20.2 Secondly, if Regulation 9(2) were interpreted to exclude an employee’s right to call and cross-examine witnesses, in the circumstances of this case that would render the procedure unfair – whether it had been agreed to by a trade union or not.
[21] The arbitrator’s findings to the contrary are not reasonable. Her finding that the dismissal was procedurally fair falls to be reviewed and substituted with a finding that the dismissal was procedurally unfair.[5]
[22] The applicant is therefore entitled to compensation in respect of the procedural unfairness of his dismissal. In exercising my discretion in this regard, I am mindful of the fact that compensation is in the nature of a solatium, which should be commensurate to the injury (in this case, unfair treatment) suffered. I consider compensation equal to four months’ salary[6] to be fair, having regard to the applicant’s length of service (which dates back to 1979) and the degree of the departure from a fair procedure, which was severe.
[23] As regards costs, there is no ongoing relationship between the parties and the applicant, who is an individual, has been substantially successful in the review. Costs should follow the result.
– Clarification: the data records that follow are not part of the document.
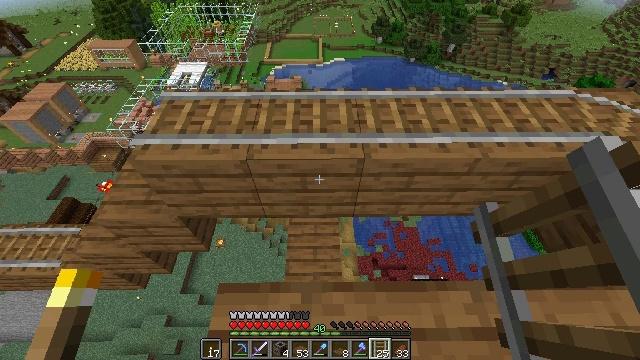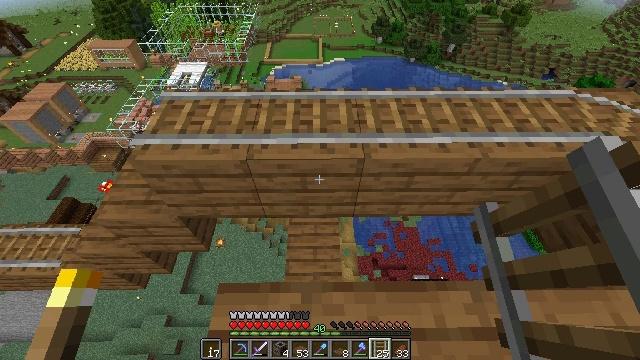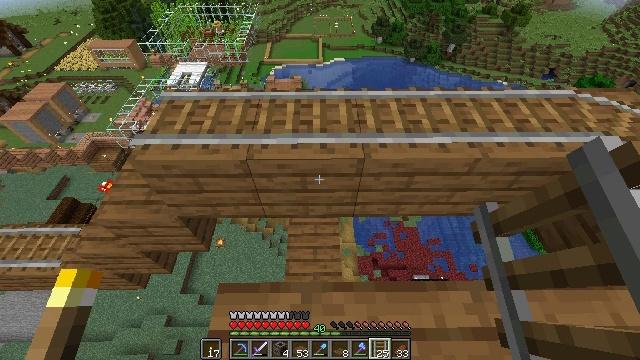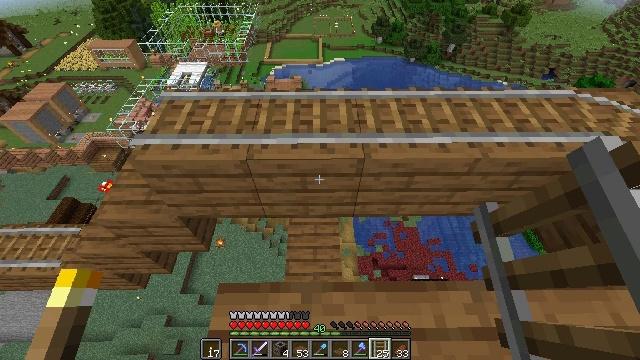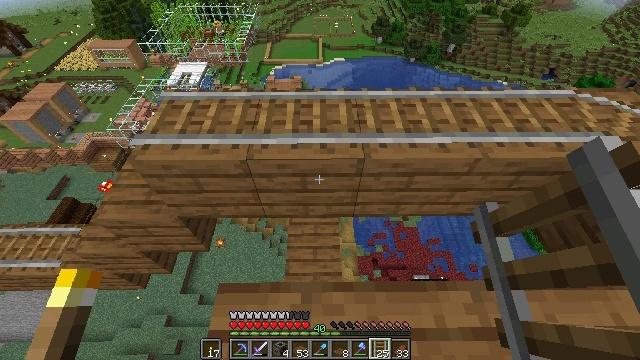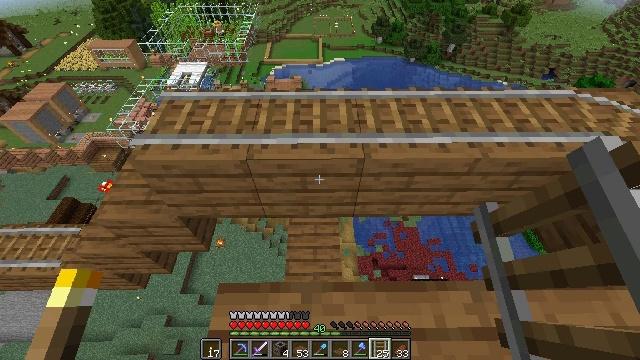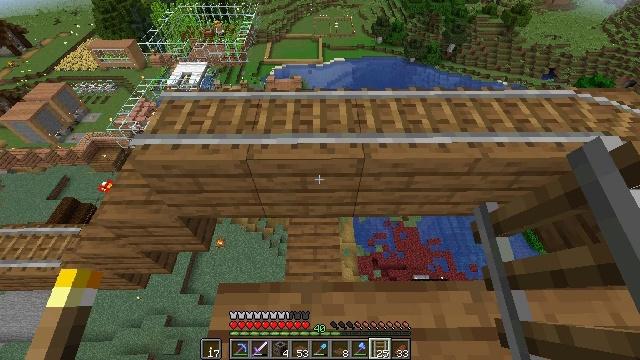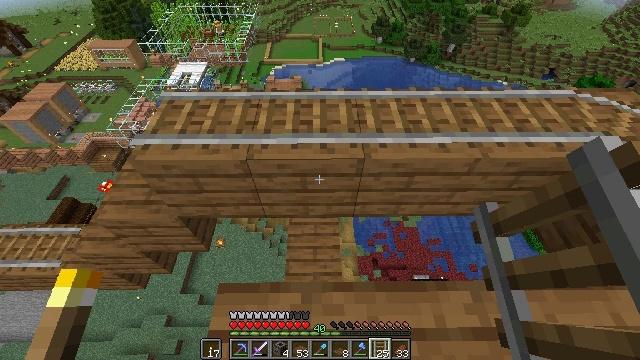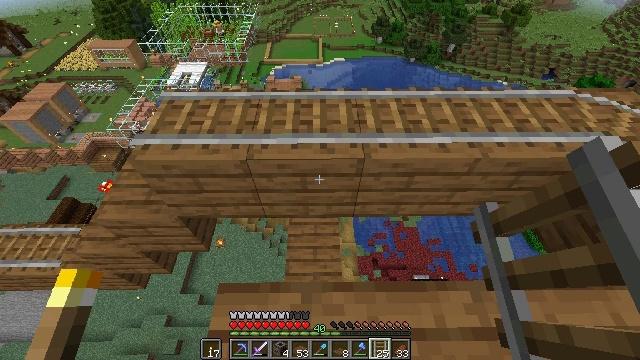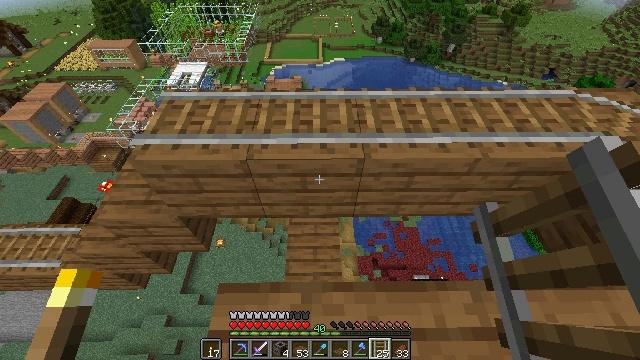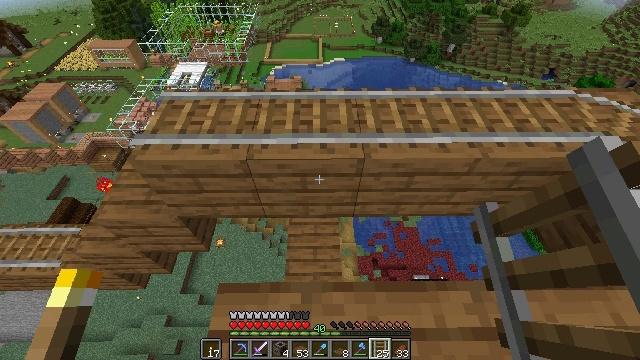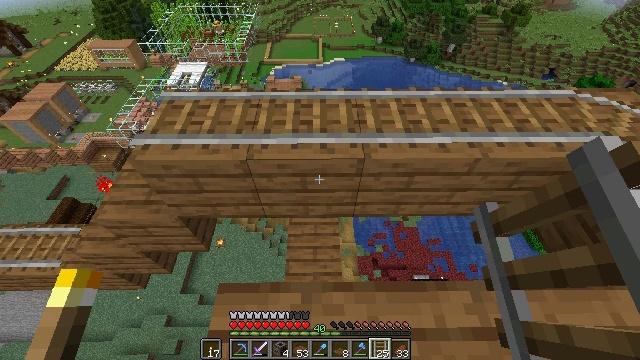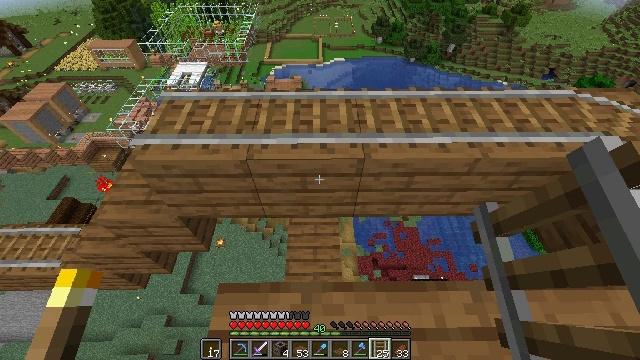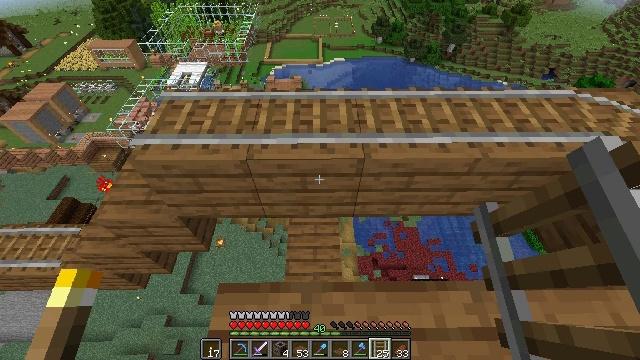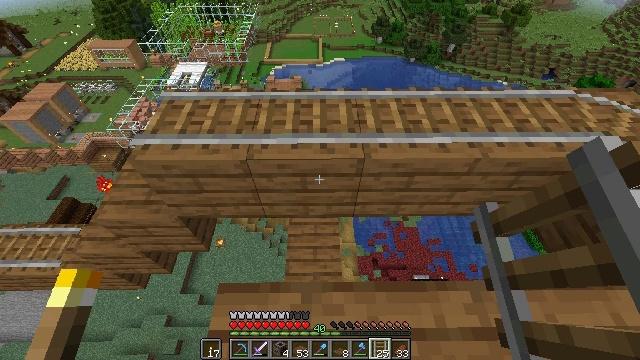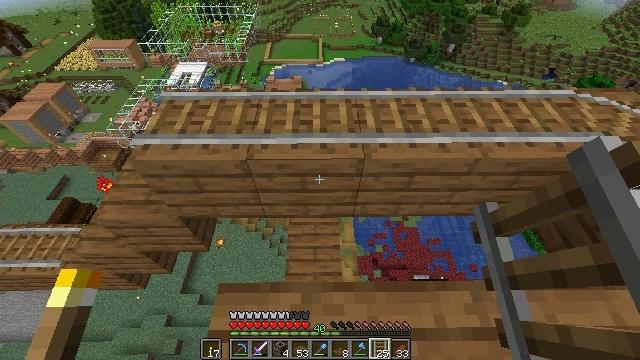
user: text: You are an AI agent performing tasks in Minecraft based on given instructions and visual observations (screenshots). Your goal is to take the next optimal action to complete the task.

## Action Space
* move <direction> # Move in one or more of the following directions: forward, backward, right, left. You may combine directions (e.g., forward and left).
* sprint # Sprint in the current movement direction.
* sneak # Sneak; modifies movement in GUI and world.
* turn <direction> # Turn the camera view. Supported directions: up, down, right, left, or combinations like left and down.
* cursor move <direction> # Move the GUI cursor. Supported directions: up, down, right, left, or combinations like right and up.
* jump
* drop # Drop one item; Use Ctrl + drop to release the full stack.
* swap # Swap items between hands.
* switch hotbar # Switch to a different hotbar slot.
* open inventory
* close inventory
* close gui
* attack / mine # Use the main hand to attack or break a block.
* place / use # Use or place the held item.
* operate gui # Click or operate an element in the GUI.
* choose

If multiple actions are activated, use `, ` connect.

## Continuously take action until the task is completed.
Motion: motion action
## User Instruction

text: Open a crafting table and make a rabbit stew.
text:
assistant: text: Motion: no_op
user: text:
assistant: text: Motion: no_op
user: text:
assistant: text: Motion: no_op
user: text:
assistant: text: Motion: no_op
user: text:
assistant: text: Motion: no_op
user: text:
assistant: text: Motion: no_op
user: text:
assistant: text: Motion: no_op
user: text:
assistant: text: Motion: no_op
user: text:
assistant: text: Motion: no_op
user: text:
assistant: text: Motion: no_op
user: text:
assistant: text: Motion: no_op
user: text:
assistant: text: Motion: no_op
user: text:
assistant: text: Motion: no_op
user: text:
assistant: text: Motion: no_op
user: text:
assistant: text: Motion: no_op
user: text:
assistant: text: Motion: no_op
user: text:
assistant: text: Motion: no_op
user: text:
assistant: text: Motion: no_op
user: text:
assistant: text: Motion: no_op
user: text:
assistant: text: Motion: no_op
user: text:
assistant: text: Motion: no_op
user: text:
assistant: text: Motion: no_op
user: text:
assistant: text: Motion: no_op
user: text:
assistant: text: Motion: no_op
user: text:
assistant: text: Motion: turn up
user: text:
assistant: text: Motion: no_op
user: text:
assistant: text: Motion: no_op
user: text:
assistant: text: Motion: no_op
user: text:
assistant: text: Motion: no_op
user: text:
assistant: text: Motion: turn down
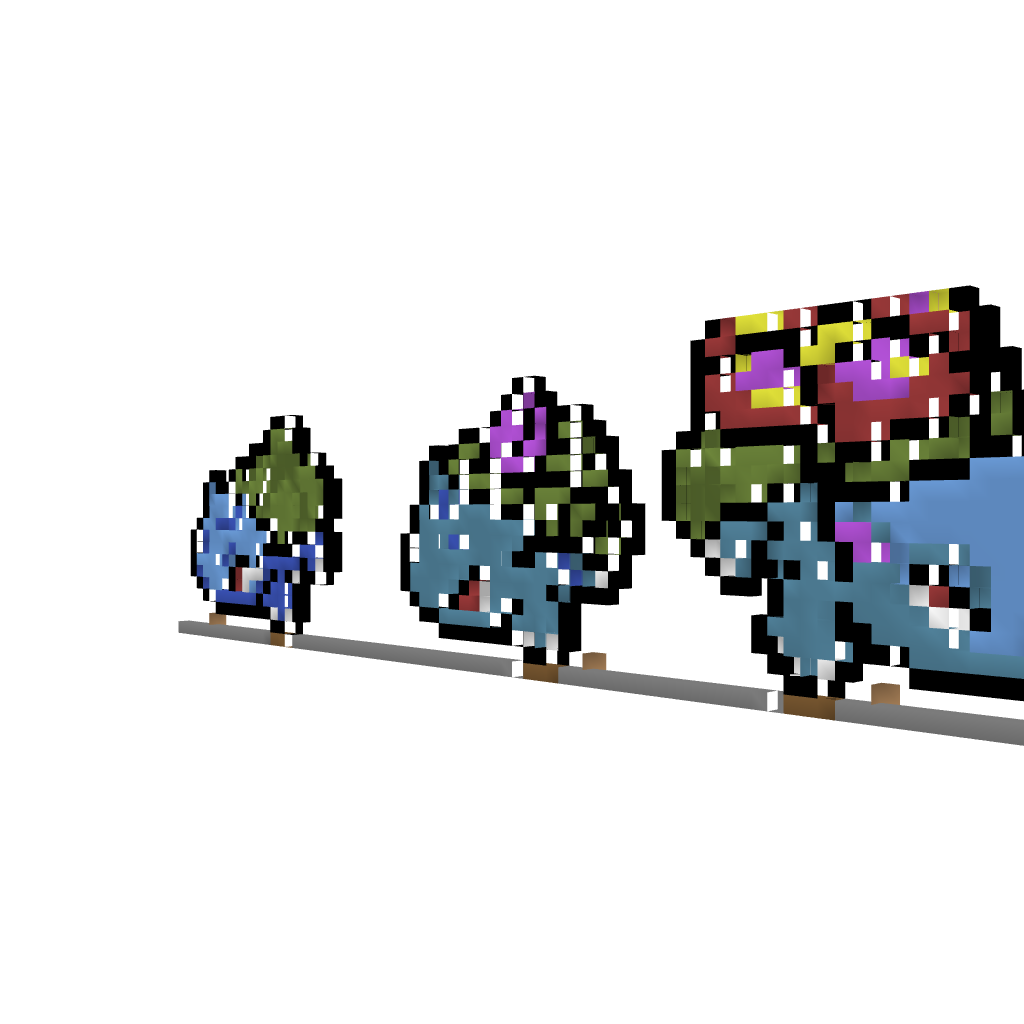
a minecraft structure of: Bulbasaur Ivysaur and Venusaur Pixel Art bad low quality
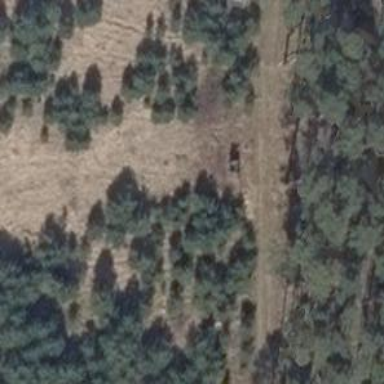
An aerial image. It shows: Hunting stand.
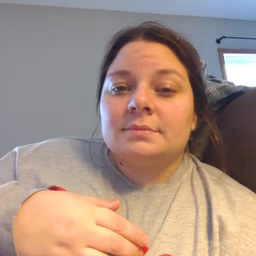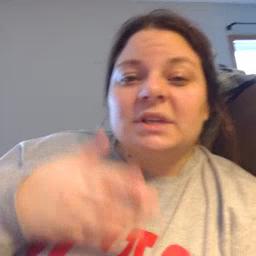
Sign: there
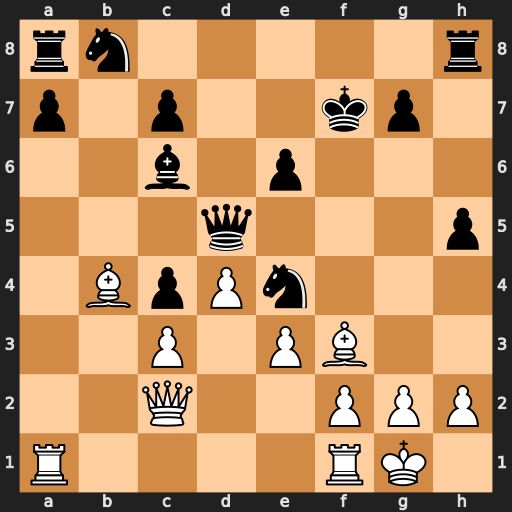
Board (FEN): rn5r/p1p2kp1/2b1p3/3q3p/1BpPn3/2P1PB2/2Q2PPP/R4RK1
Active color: w
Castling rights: -
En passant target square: -
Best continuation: Ra5 Qd7 Bxe4
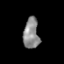
Tissue: prostate
Cell type: T cells
Senescence score: 0.2819
Nuclear area (px): 469
Mean DAPI intensity: 139.565
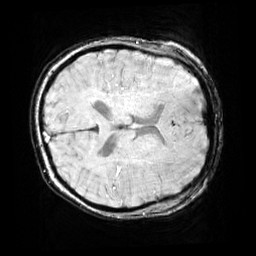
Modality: SWI
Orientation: axial
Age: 12
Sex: female
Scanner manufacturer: siemens
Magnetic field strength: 3 T
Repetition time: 0.027 s
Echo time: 0.02 s
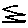
Label: zigzag
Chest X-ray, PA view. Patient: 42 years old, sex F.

[24] In the premises, the following order is made:
Order
[1] The second respondent’s arbitration award issued under the first respondent’s case number PSSS 761-17/18 dated 21 December 2021 is partially reviewed and set aside and substituted with a finding that the applicant’s dismissal was substantively fair but procedurally unfair.
[2] The third respondent is ordered to pay the applicant compensation equivalent to four (4) months’ salary in the sum of one hundred and forty thousand three hundred and thirty-two rand (R140332), less income tax, within 7 days of the date of this order.
[3] The third respondent shall pay the costs of this application.
Leslie AJ
Acting Judge of the Labour Court of South Africa
Representatives –
For the applicant: S Parker, Parker Attorneys
For the third respondent: M A McChesney, instructed by the State Attorney, Cape Town
[1] Sidumo and Another v Rustenburg Platinum Mines Ltd and Others 2008 (2) SA 24 (CC).
[2] Malan and another v Law Society, Northern Provinces [2008] ZASCA 90; 2009 (1) SA 216 (SCA) 221I-J; R v Dhlumayo & another 1948 (2) SA 677 (A) 705-6.
[3] Para 31.
[4] Of relevance for present purposes, this includes in part (y), “Any contravention of the Firearms Controls Act”.
[5] This outcome is a foregone conclusion and it would serve no purpose to remit this question to a different decision-maker, particularly given the lengthy history of this matter which dates back to 2017.
[6] The applicant’s gross salary as at the date of dismissal was R35083 per month.